Effects of topiramate on ethanol-cocaine interactions and DNA methyltransferase gene expression in the rat prefrontal cortex.

BACKGROUND AND
PURPOSE: Recent and ongoing clinical studies have indicated that topiramate (Topamax®) could be effective in treating ethanol or cocaine abuse. However, the effects of topiramate on the co-administration of ethanol and cocaine remain largely unknown. EXPERIMENTAL APPROACH: We studied the effects of topiramate, in Wistar rats, on operant ethanol self-administration with the co-administration of cocaine (i.p.). The psychomotor effects of topiramate were examined before ethanol self-administration and cocaine exposure. Blood samples were collected to analyse ethanol and cocaine metabolism (blood ethanol levels and benzoylecgonine). Quantitative real-time PCR was used to characterize the gene expression in the prefrontal cortex. KEY
RESULTS: Topiramate prevented the cocaine-induced increased response to ethanol in a dose-dependent manner without causing any motor impairment by itself. This effect was observed when topiramate was administered before ethanol access, but not when topiramate was administered before the cocaine injection.
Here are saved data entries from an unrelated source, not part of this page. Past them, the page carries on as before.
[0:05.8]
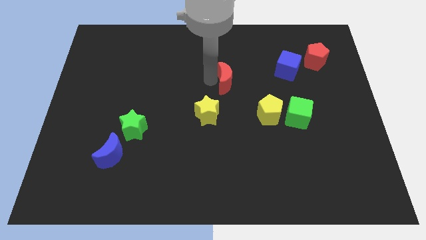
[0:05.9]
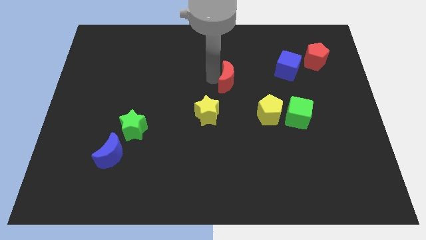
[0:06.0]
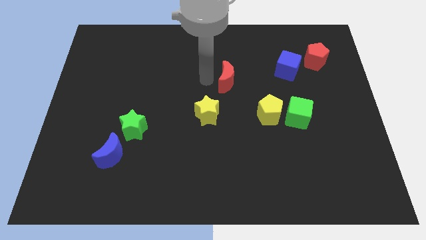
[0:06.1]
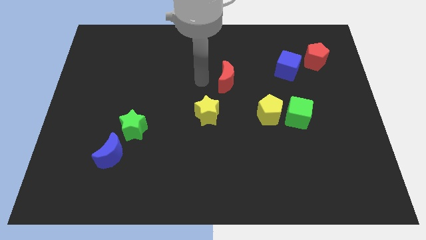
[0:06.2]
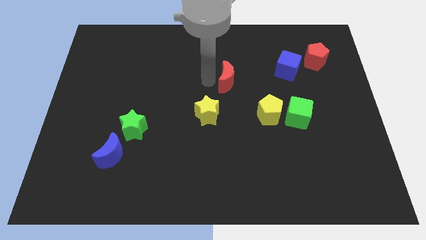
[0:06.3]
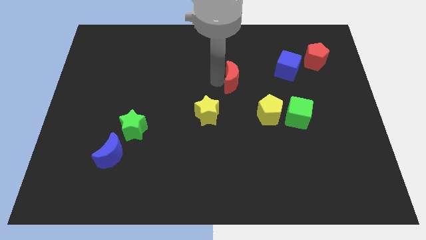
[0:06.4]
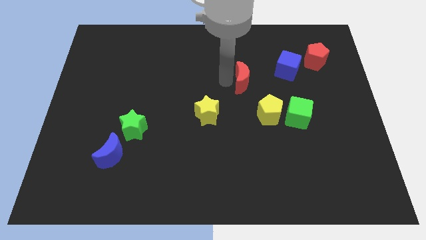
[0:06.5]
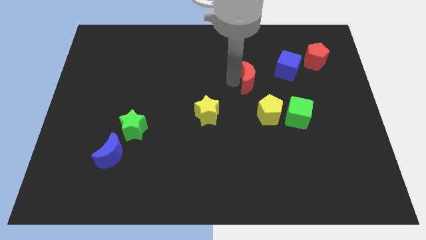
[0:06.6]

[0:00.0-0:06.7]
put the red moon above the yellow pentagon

Topiramate did not block cocaine-induced psychomotor stimulation. Topiramate reduced blood ethanol levels but did not affect cocaine metabolism. Ethanol increased the gene expression of DNA methyltransferases (Dnmt1 and Dnmt3a), the corepressor Dnmt1-associated protein 1 (Dmap1), and the RNA methyltransferase Trdmt1. These effects were prevented by topiramate or cocaine. Gene expression of histone deacetylase-2 and glutamate receptor kainate-1 were only increased by cocaine treatment. Topiramate and cocaine co-administration caused an up-regulation of dopamine (Drd1, Th) and opioid (Oprm1) receptor genes. Topiramate showed a tendency to alter episodic-like memory. CONCLUSIONS AND IMPLICATIONS: Topiramate is an effective inhibitor of the cocaine-induced increase in operant ethanol self-administration.